The use of counterinsurgency theory and practice in the UK’s ‘war on terror’ blurs the distinction between Pursue and Prevent, coercion and consent, and, ultimately, civilian and combatant. This challenges the liberal claim that counter-terrorism policies, especially Prevent, are about social inclusivity or ‘safeguarding’ and that the UK government is accountable to the people (Sabir, 2017: 202).

Safeguarding resistance

In sum, the Prevent programme has been rightly criticised as counter-productive for curbing terrorist threats and thus as ‘unworkable’ in that pragmatic sense.  Yet this argument depoliticises the problem as a cognitive deficit of government, which therefore needs better experts.  Any effective opposition instead must identify the real driver.

Let us return to the original question: Given widespread complaints that the Prevent programme is counter-productive for preventing terrorism, what drives the UK counter-extremism strategy?  Its practices imply answers contrary to its espoused aims.  Its routine punishments and threats aim to incorporate various agencies (public-sector institutions, civil society organisations, and community groups) into a collective self-policing of ‘extremism’. This conveniently undermines democratic rights, suppresses debate on UK foreign policy, and diverts blame elsewhere.

By turning Muslims into a suspect community, the state extends low-intensity operations to potentially everyone. Such practices spread mutual distrust and deter political dissent, as regards UK foreign policy as well as the Prevent programme itself.

For truly preventing terrorism and safeguarding vulnerable individuals, many critics ask for alternative means. These have been developed by many Muslim groups, but their efforts are undermined by the state’s agenda (Faith Matters, 2015).  Likewise efforts by schools to safeguard children there.
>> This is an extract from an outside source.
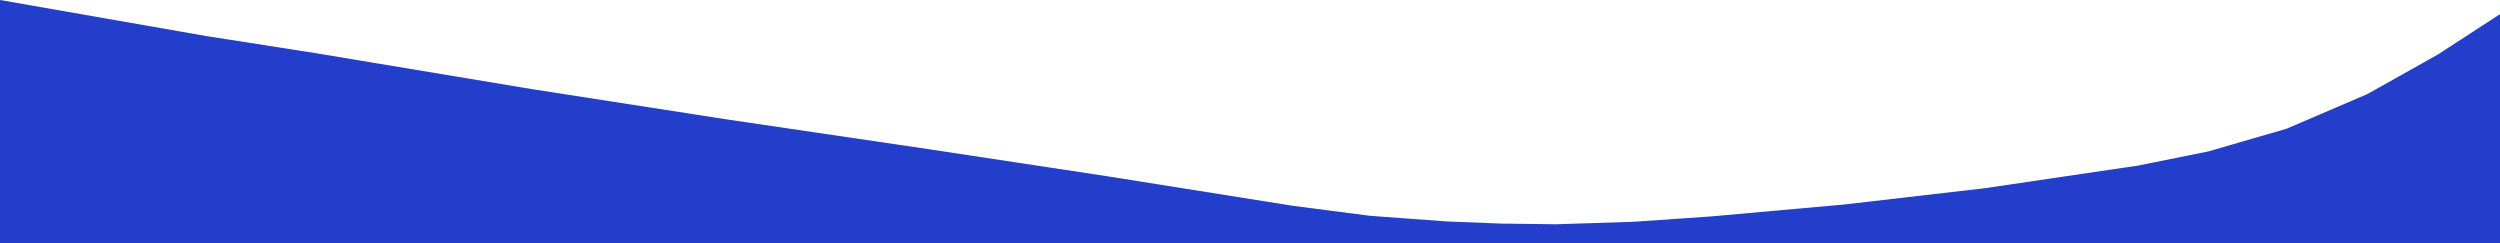 <?xml version="1.0" encoding="UTF-8"?> <svg xmlns="http://www.w3.org/2000/svg" width="1849" height="180" viewBox="0 0 1849 180" fill="none"> <path d="M818.513 130.291L956.506 152.267L1013.17 159.593L1041.51 161.686L1069.84 163.779L1110.24 165.349L1150.64 165.872L1207.83 164.041L1265.02 160.116L1364.19 151.221L1468.08 139.186L1581.41 122.442L1633.35 111.977L1691.07 95.233L1750.88 69.593L1803.09 40.291L1849 10.465V180H0V0L152.684 26.686L232.962 39.244L393.516 65.93L538.33 88.43L687.341 110.407L752.927 120.349L818.513 130.291Z" fill="#233ECA"></path> </svg>

Since the government announced plans for making Prevent statutory, opposition campaigns have raised slogans such as ‘Educators, not informants’, and ‘Students, not suspects’ (NUS, 2015). They aim to build support for individuals who refuse complicity and contest the procedures. This resistance needs safeguarding through visible, consistent solidarity. This can also help to provide the basis for undermining the routine punishment which drives the entire ‘counter-terror’ regime.

Towards ‘an effective and genuine Security Union’, the EU has an agenda to extend similar programmes, e.g. “to prevent more people from being radicalised and ensure that those who already are enter de-radicalisation programmes” (CEC, 2016).  Wherever governments try to impose administrative punishment and collective self-policing, critics can cite the UK’s negative experience.  According to a report for the European Parliament, such counter-extremism programmes “generate a feeling of suspicion that is unhelpful to the relations between the state and Muslim communities across Europe”. Moreover, pro-active administrative practices and pre-emptive judicial powers have “potentially damaging effects in terms of fundamental rights” (EP, 2014).  Indeed, the ostensible aims are contradicted by the effects and the implicit aim to suppress political dissent.